Mohamed Farah, Ka Joog’s executive director, said late Wednesday that the nonprofit’s board of directors decided to decline $499,998 in funding — one of the biggest awards announced in the country and easily the largest grant Ka Joog would have received. Heartland Democracy, which ran the nation’s first rehabilitation program for a terrorism defendant, was also selected to receive $165,435. Both organizations applied under the focus of “developing resilience,” one of five areas outlined when the department announced the grant in July.

Ka Joog, in a prepared statement, said its board believed that its efforts to bring change have “been hindered by the Trump administration to instill fear, uncertainty and anti-Muslim sentiments.”

“In order for Ka Joog to continue building community, it requires vigilant awareness of the work we must continually do to undermine all the socialization and injustice that leads us to behave in way that perpetuates more divisions,” Said Farah, whose relative Abdirizak Warsame was one of nine men sentenced last year in connection with a conspiracy to join the Islamic State in Iraq and the Levant in Syria.

Farah has also worked with the local Somali-American Task Force created as part of a local pilot project managed by the U.S. attorney’s office.

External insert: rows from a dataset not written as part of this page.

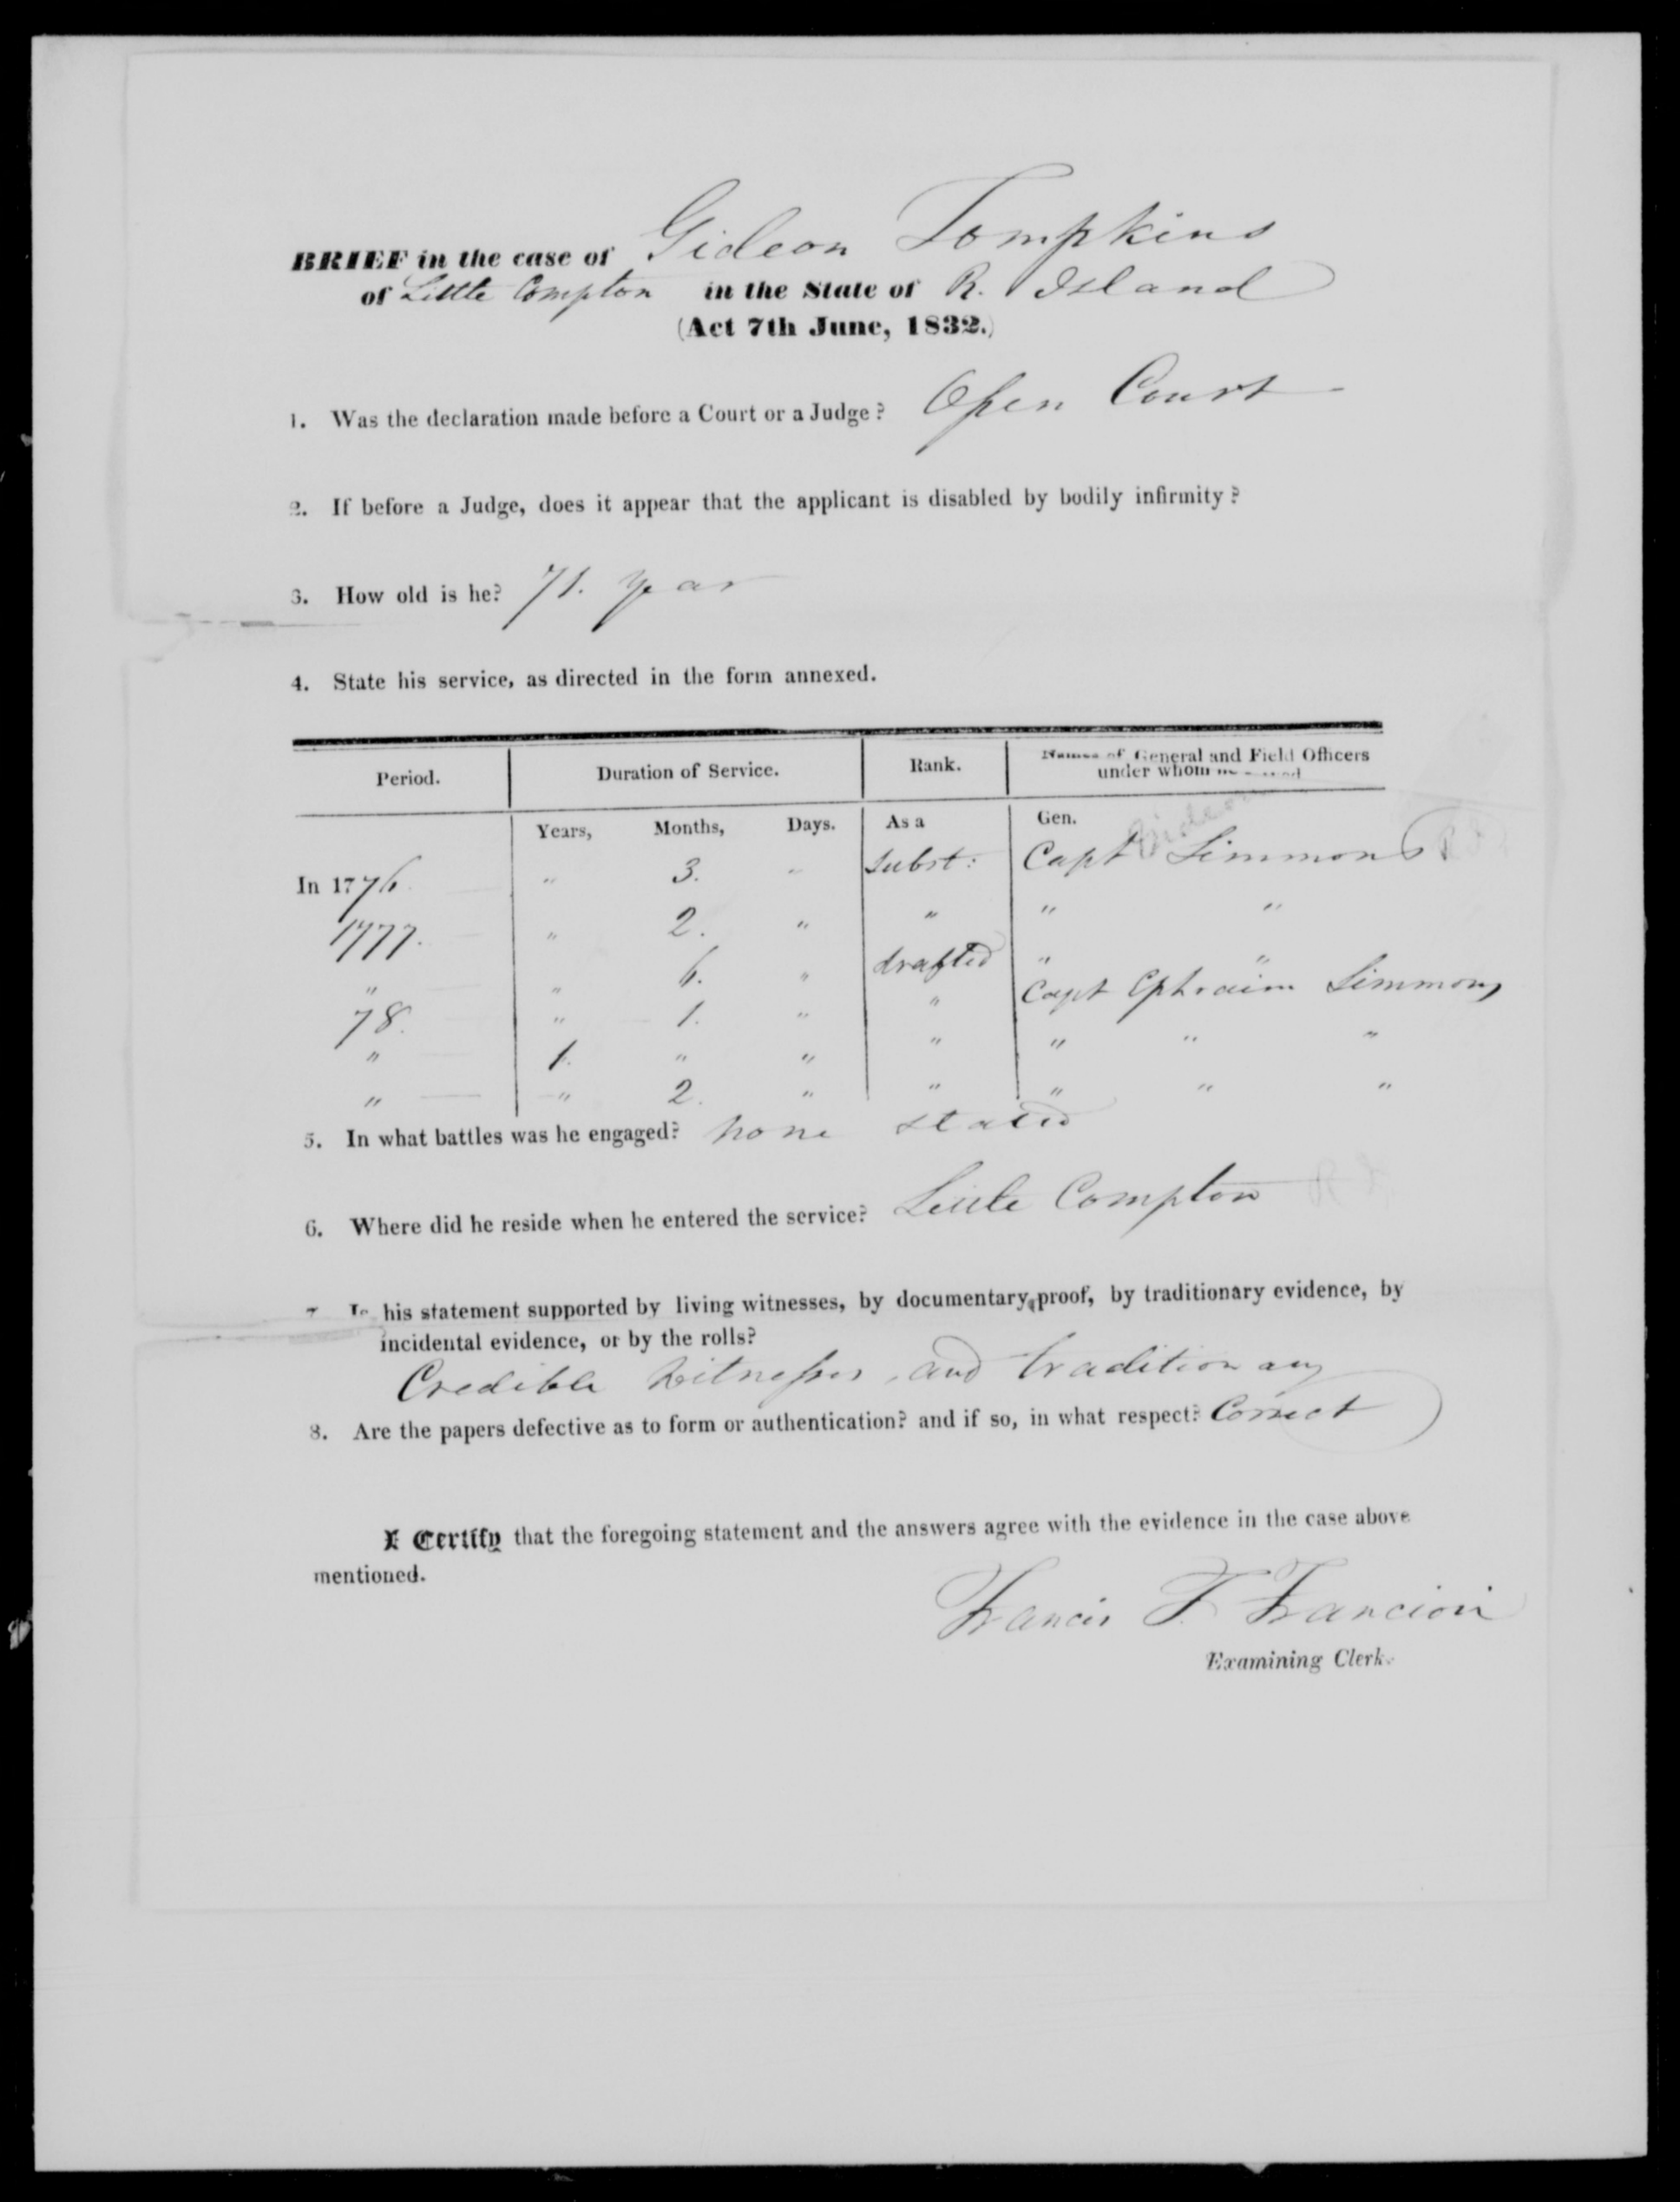Brief in the case of Gideon Tompkins
of Little Compton in the state of R. Island
(Act 7th June, 1832)

1. Was the declaration made before a Court or a Judge? Open Court

2. If before a Judge, does it appear that the applicant is disabled by bodily infirmity?

3. How old is he? 71 yearshttps://catalog.archives.gov/images/misc/drag.png

4. State his service, as directed in the form annexed.

Period            Duration of Service         Rank           Names of General and Field Officer
                      Years, Months, Days         As a                   under whom served
                                                                                         Gen.
In 1776            "       3         "                 Inlist:              Capt. [Biden?] Simmons 
    1777            "       2         "                    "                       "             "
      "                 "       6        "                  Drafted               "             "
       78              "       1        "                    "                   Capt Ephraim Simmons
      "                 1       "         "                    "                    "                 "               "
      "                  "       2        "                    "                    "                 "               "

5. In what battles was he engaged? None stated

6. Where did he reside when he entered the service?  Little Compton

7.  Is his statement supported by living witnesses, by documentary proof, by traditionary evidence, by
incidental evidence, or by the rolls?  Credible witnesses, and traditionary

8. Are the papers defective as to form or authentication? and if so, in what respect? Correct

I certify that the foregoing statement and the answers agree with the evidence in the case above mentioned.

Francis F Francioni
Examining Clerk

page: 4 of 25
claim: survivor's
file: S. 22,023, for Gideon Tompkins, Rhode Island

Ka Joog’s announcement followed a Reuters report that counterextremism efforts under Trump would be recast to focus solely on terrorism inspired by radical Islamic groups and not far right domestic extremists, who have carried out bombings and mass shootings across the country. The report also cited sources who said that the CVE funding, announced a week before Trump’s inauguration, may now not be awarded to any groups.